### REQUIREMENT
All entries need to be written out verbatim, with pictures omitted.
=-=-=
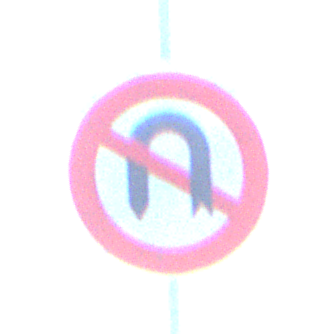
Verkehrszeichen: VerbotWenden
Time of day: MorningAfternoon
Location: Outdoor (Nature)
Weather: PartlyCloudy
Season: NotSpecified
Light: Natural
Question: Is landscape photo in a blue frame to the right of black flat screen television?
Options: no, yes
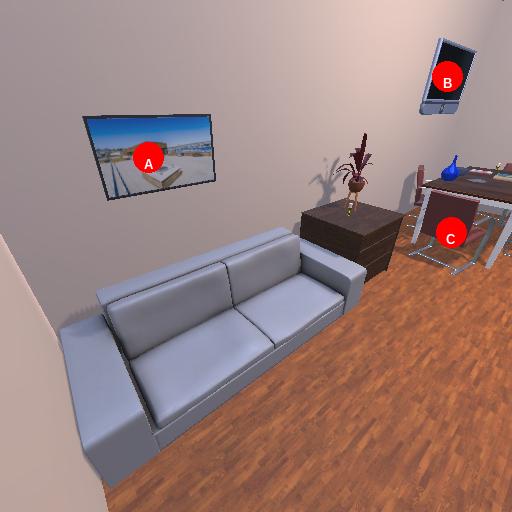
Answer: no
=-=-=
### FINISHED EXERCISE
Verkehrszeichen: VerbotWenden
Time of day: MorningAfternoon
Location: Outdoor (Nature)
Weather: PartlyCloudy
Season: NotSpecified
Light: Natural
Question: Is landscape photo in a blue frame to the right of black flat screen television?
Options: no, yes
Answer: no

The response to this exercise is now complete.